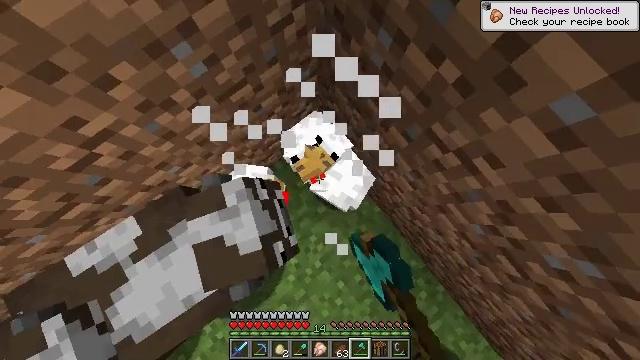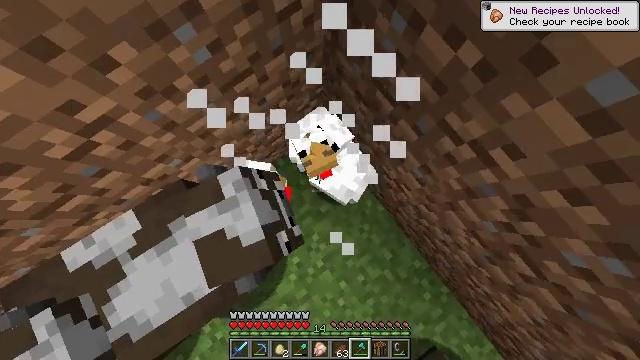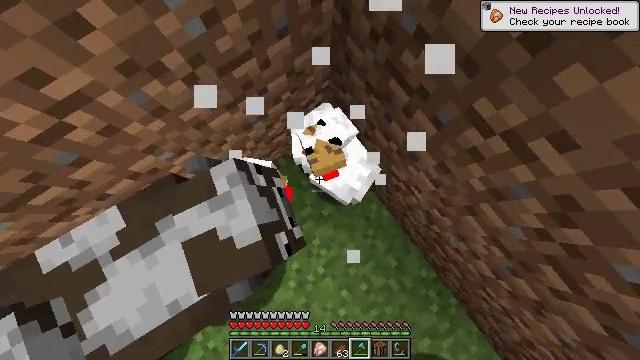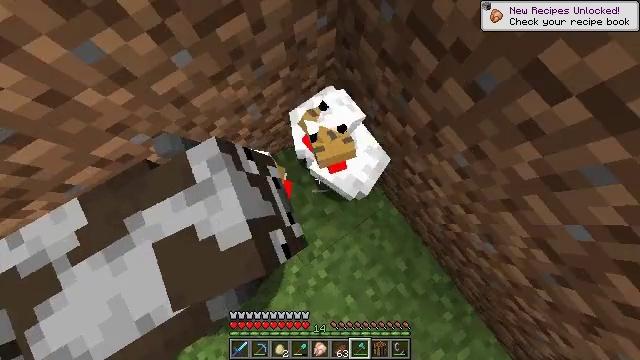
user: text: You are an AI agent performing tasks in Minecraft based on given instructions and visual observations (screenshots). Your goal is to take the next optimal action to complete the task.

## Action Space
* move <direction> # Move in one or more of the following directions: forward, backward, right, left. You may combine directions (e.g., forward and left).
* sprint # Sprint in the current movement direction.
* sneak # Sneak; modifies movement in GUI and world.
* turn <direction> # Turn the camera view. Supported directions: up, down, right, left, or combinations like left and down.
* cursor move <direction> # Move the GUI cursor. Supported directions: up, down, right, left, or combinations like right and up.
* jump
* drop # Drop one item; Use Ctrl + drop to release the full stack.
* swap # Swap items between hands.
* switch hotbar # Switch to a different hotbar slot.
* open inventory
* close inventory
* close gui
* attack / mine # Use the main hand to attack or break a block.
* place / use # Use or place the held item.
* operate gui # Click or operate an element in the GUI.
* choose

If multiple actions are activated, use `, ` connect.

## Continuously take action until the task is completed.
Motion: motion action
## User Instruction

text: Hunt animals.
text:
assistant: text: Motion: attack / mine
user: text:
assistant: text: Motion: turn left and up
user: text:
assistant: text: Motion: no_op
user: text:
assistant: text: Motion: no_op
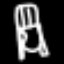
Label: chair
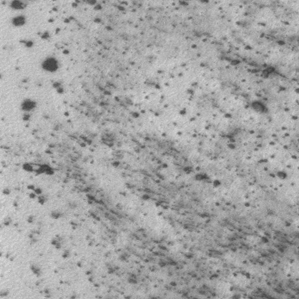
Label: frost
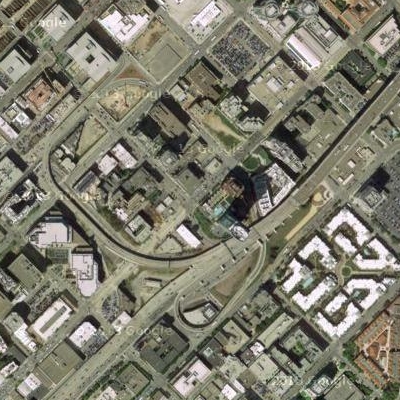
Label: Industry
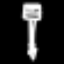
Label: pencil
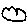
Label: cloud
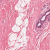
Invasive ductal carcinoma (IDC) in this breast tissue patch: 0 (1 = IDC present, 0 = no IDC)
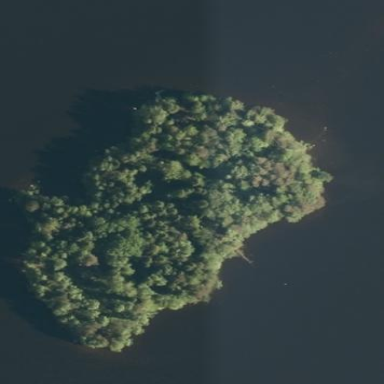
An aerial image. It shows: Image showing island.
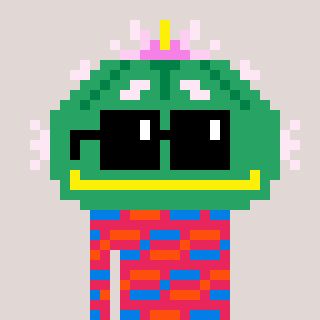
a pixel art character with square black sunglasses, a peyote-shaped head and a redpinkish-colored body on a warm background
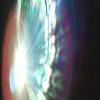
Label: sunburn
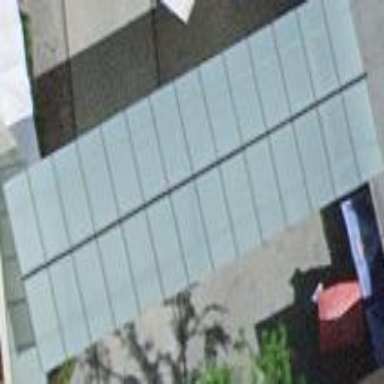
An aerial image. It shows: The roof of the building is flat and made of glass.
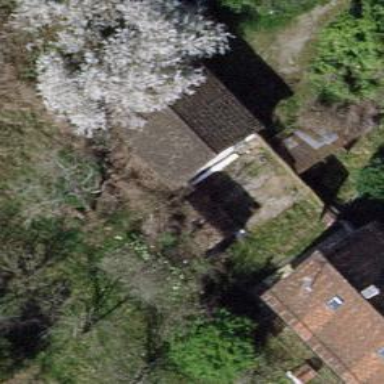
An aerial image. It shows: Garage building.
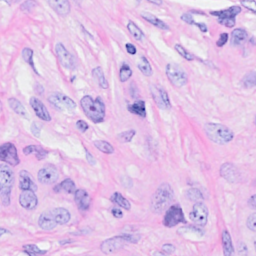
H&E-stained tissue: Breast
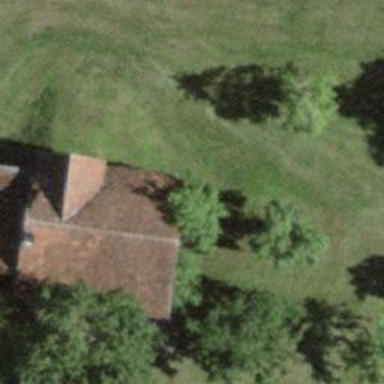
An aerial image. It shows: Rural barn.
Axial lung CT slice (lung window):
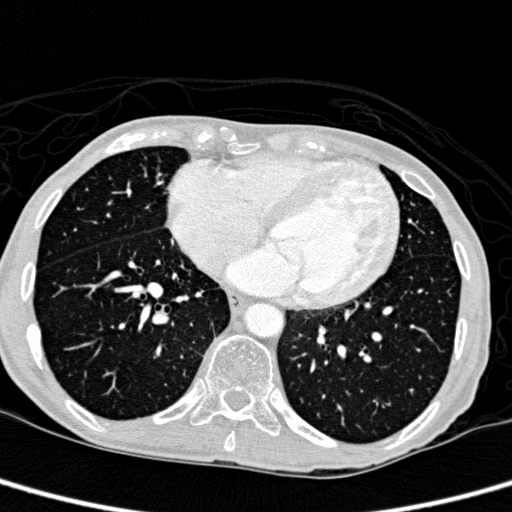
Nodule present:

___

> _The problem_
Your task is to count the lines in the material containing the word "take" and to state only that number.

> _Output for this task_
2